Israel, which has its own undeclared nuclear weapons program, feared Tehran was
building a bomb.
After the
discovery of Fordo, the U.S. worked on so-called “bunker buster” bombs designed
to strike such facilities. As Israel threatened at one point to bomb Iranian
nuclear sites like Fordo, U.S. officials reportedly showed them a video of a
bunker-buster bomb destroying a mock-up of Fordo in America’s southwestern
desert.
Israel, which
under Prime Minister Benjamin Netanyahu has continued to criticize Iran’s
nuclear program, offered no immediate comment Saturday.
As of now,
Iran is enriching uranium up to 4.5%, in violation of the accord’s limit of
3.67%. Experts say Iran now has enough low-enriched uranium stockpiled for at
least two nuclear weapons, if it chose to pursue them.
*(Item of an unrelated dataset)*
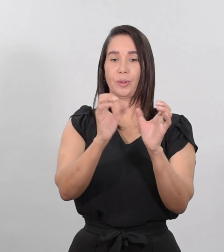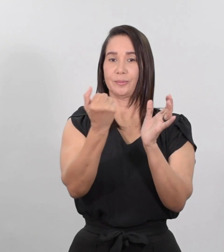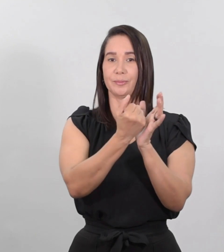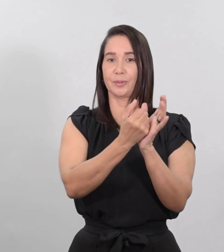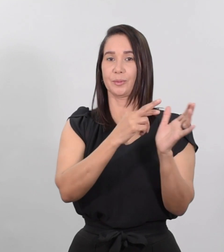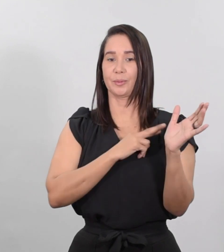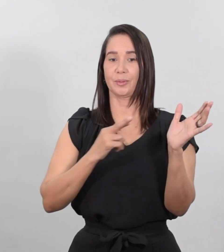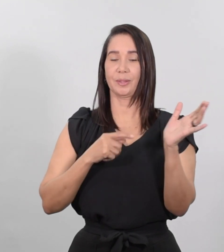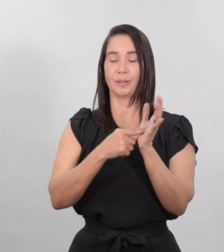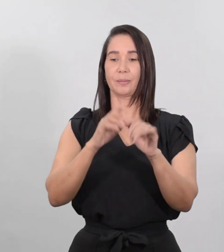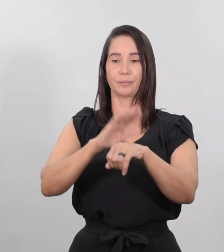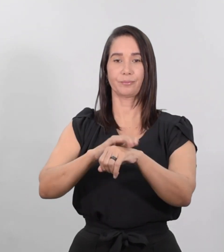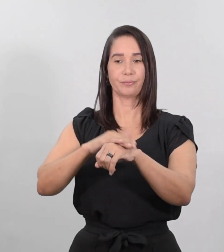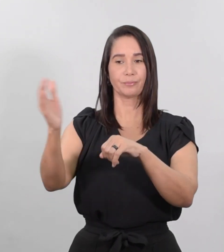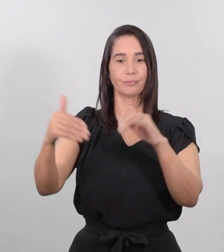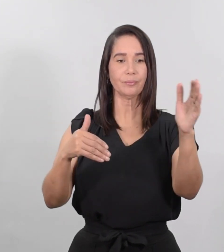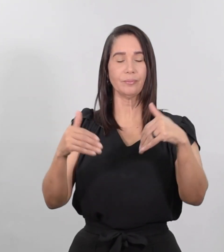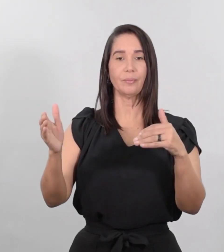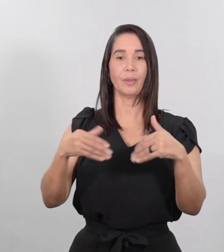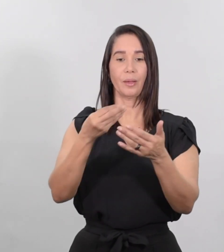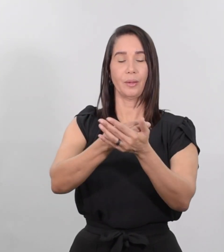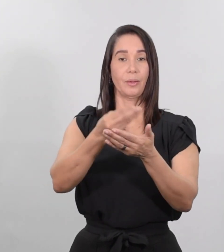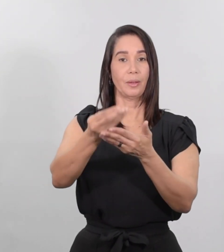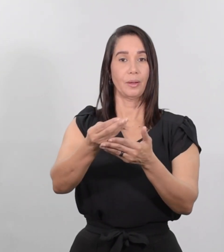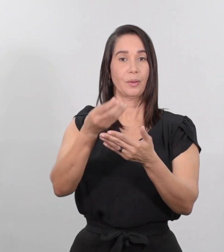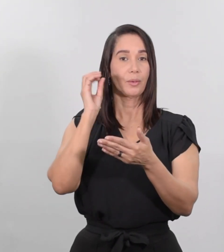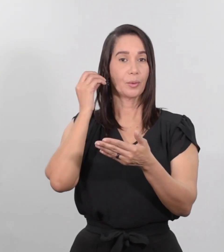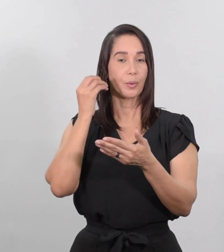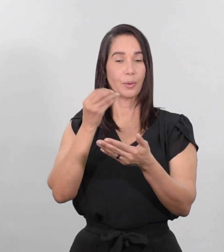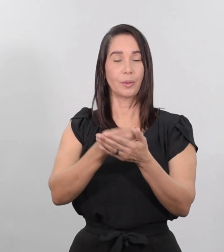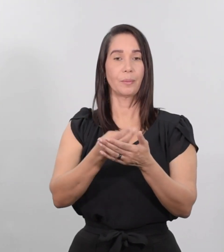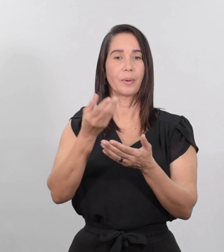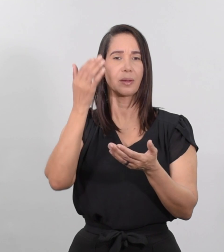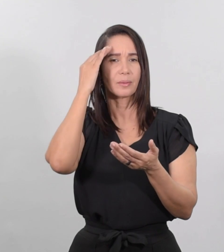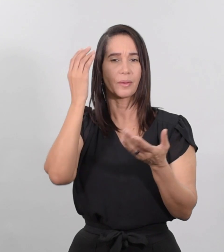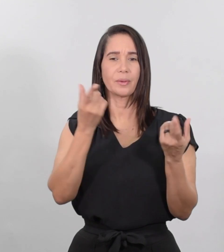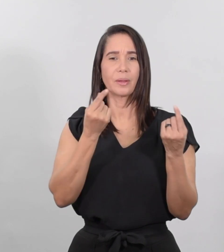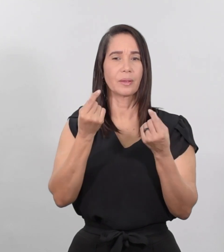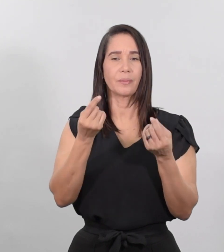mandó a llamar a los empleados a quienes había dado el dinero para enterarse de lo que habían ganado cada uno.
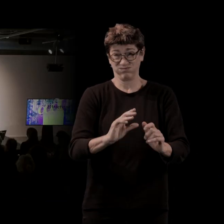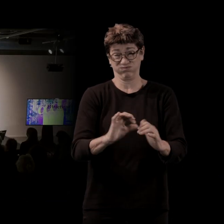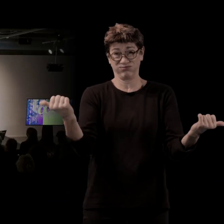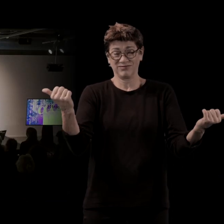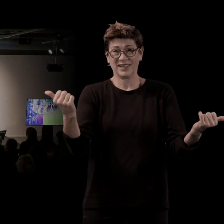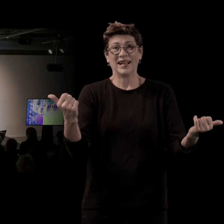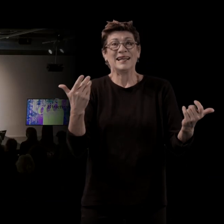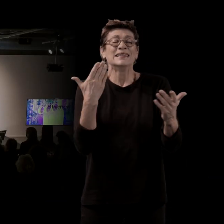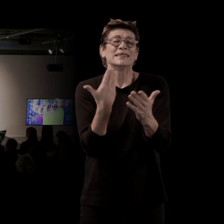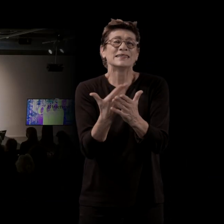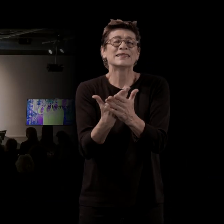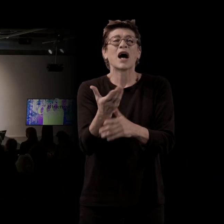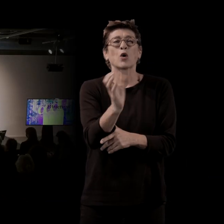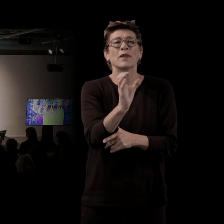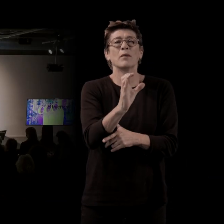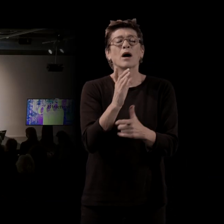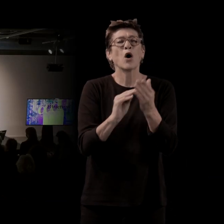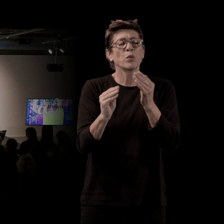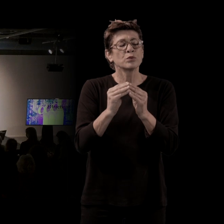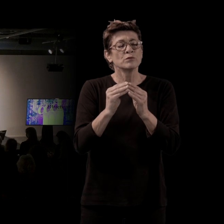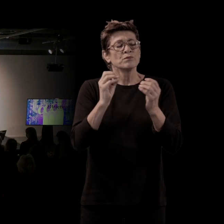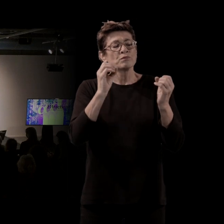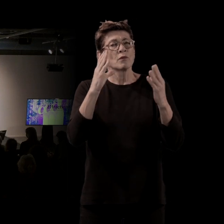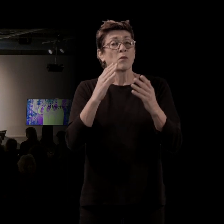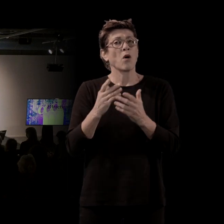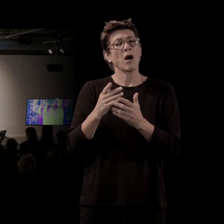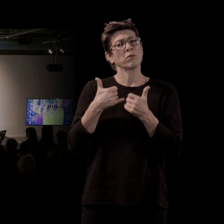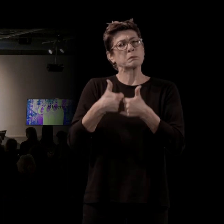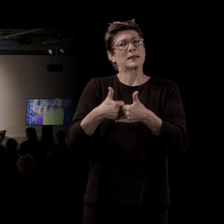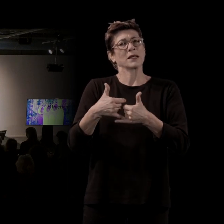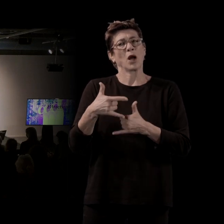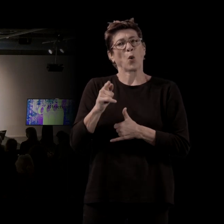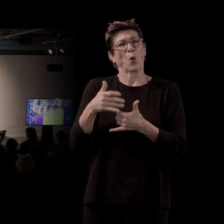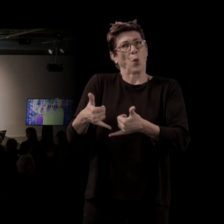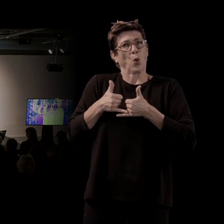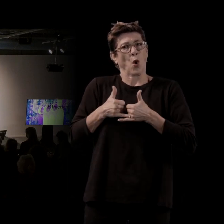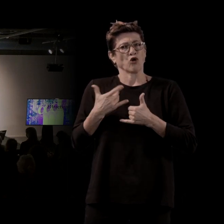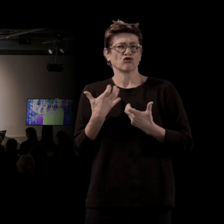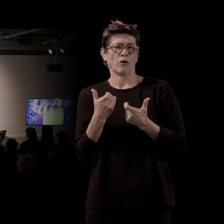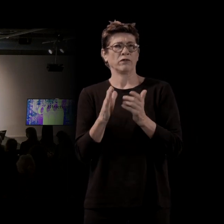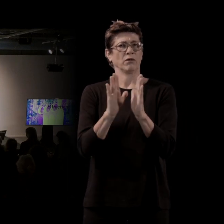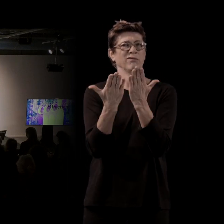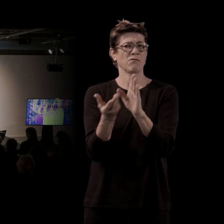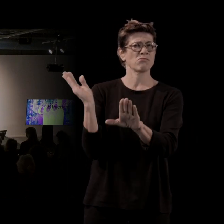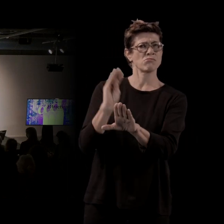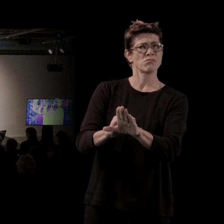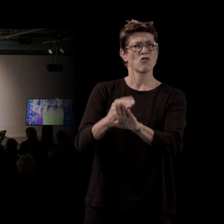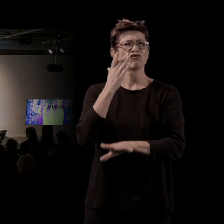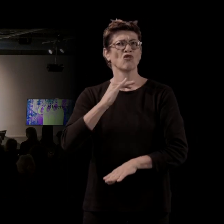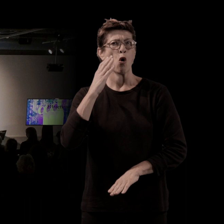souviens de m'être dit après le Goncourt, serait quand même chouette de mettre Sardou sur une couverture de roman. Et

Iran long has maintained
its nuclear program is peaceful.
Iran
separately has begun construction on a new site at Fordo, according to
satellite photos obtained by The Associated Press in December.
Iran’s
announcement coincides with the anniversary of the U.S. drone striking
Revolutionary Guard Gen. Qassem Soleimani in Baghdad last year. That attack
later saw Iran retaliate by launching a ballistic missile strike injuring
dozens of U.S. troops in Iraq. Tehran also accidentally shot down a Ukrainian
passenger jet that night, killing all 176 people on board.
As the
anniversary approached, the U.S. has sent B-52 bombers flying over the region
and sent a nuclear-powered submarine into the Persian Gulf.
On Thursday,
sailors discovered a limpet mine on a tanker in the Persian Gulf off Iraq near
the Iranian border as it prepared to transfer fuel to another tanker owned by a
company traded on the New York Stock Exchange. No one has claimed
responsibility for the mining, though it comes after a series of similar
attacks in 2019 that the U.S. Navy blamed on Iran. Tehran denied being involved.